A few months ago, I decided to look through every Ancestry tree that named Mary, to see if there was any clue I had missed. I scrolled through tree after tree of the same repeated information, questionable connections, and dead ends. And then I found one that was different. Instead of John Brown and Ruth Nelson, Mary's parents were given as Vincent Brown and Elizabeth Wilson.

I contacted the person who had built the tree to see where this information came from, and he told me he had researched that branch (outside his direct line) decades before, and did not know where the documentation was anymore. But he had made a note in Vincent's timeline about the guardianship of his heirs, giving the initials of one of his children born between his marriage in 1828 and his death in 1834 as M. E. Brown.

This was enough to get me started again. I began researching Vincent Brown and Elizabeth Wilson, and right away I started finding more clues.

In 1839, Elizabeth Wilson Brown remarried to Jonathan Routh, which was sometimes spelled (and probably pronounced) "Ruth". Mary's death certificate does not name the informant, but it was likely to have been one of Mary's daughters who lived locally. It is easy to imagine that they might have called their grandmother "Grandma Ruth", and assumed that to have been her first name. They might also have known that her husband (long gone by the time Mary's children were born) was called Jon, and assumed him to have been Mary's father, i.e., John Brown.

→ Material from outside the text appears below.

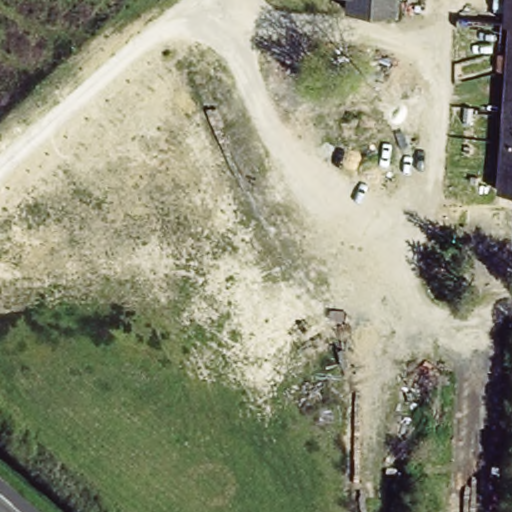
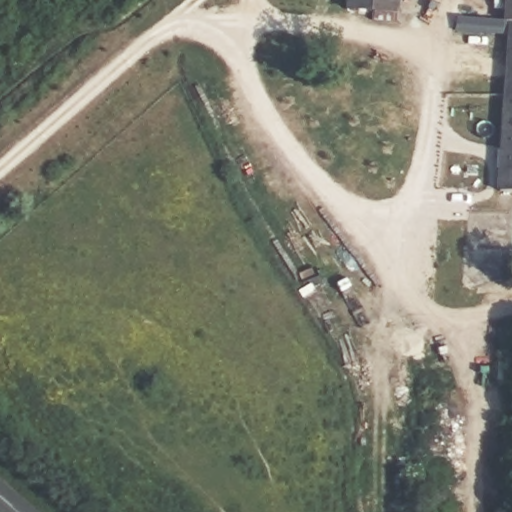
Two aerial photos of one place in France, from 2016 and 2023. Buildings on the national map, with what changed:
unchanged [(347,7),(348,0),(398,0),(398,11),(347,7)]
unchanged [(502,16),(505,0),(512,0),(512,16),(502,16)]
unchanged [(512,16),(512,190),(494,190),(502,16),(512,16)]

On the 1840 census, the household of Jonathan Routh included two girls close to Mary's age, not accounted for among the known children of Jonathan's first marriage, making them most likely daughters of Elizabeth.

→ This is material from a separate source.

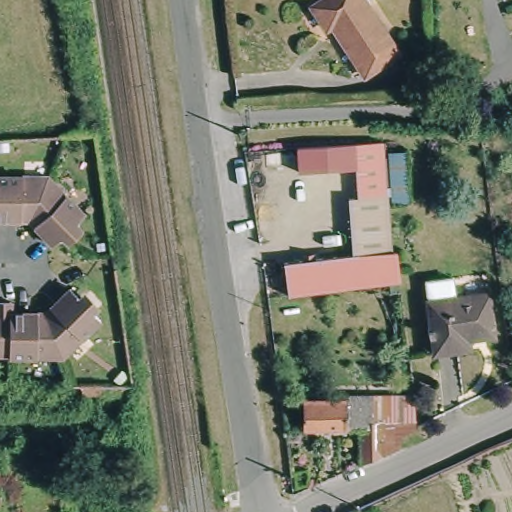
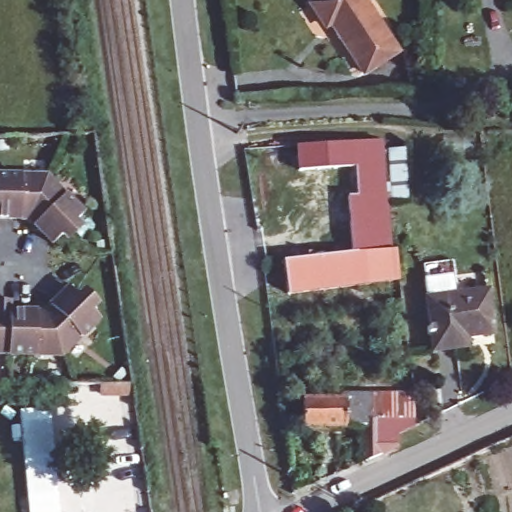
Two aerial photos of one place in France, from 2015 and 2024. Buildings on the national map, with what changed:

On Elizabeth Wilson Brown Routh's 1892 probate record, all of her surviving heirs are named, including several grandchildren from her deceased children, and one surviving daughter: Mary Ernest. By that time, Mary E. Brown Armstrong had remarried to a man named Albert Ernst. Unfortunately, the names of Mary's children are not listed in Elizabeth's probate record.

And just today, I took another look at Mary's death certificate, and do you know what? It doesn't say Nelson at all! Right there on the document are a plethora of W's which I or anyone else could have compared with the name at any time in the last 114 years, and seen that it has been Wilson all along. We all just took for granted that the original transcription was correct.





While none of this is proof positive that Vincent Brown and Elizabeth Wilson were Mary's parents, the circumstantial evidence is strong. I have written up a document explaining my reasoning, and attached it to Mary in my tree, and I have added Vincent and Elizabeth as unverified possible parents for Mary. I plan to keep going and see if I can't turn up some of those probate and custody records from the 1830s. One way or another, I am going to figure this out!

In the meantime, be sure to double- and triple-check your work. It's going to take some time to undo all the bad information, assumptions, and careless errors that have crept in over the decades. We have work to do.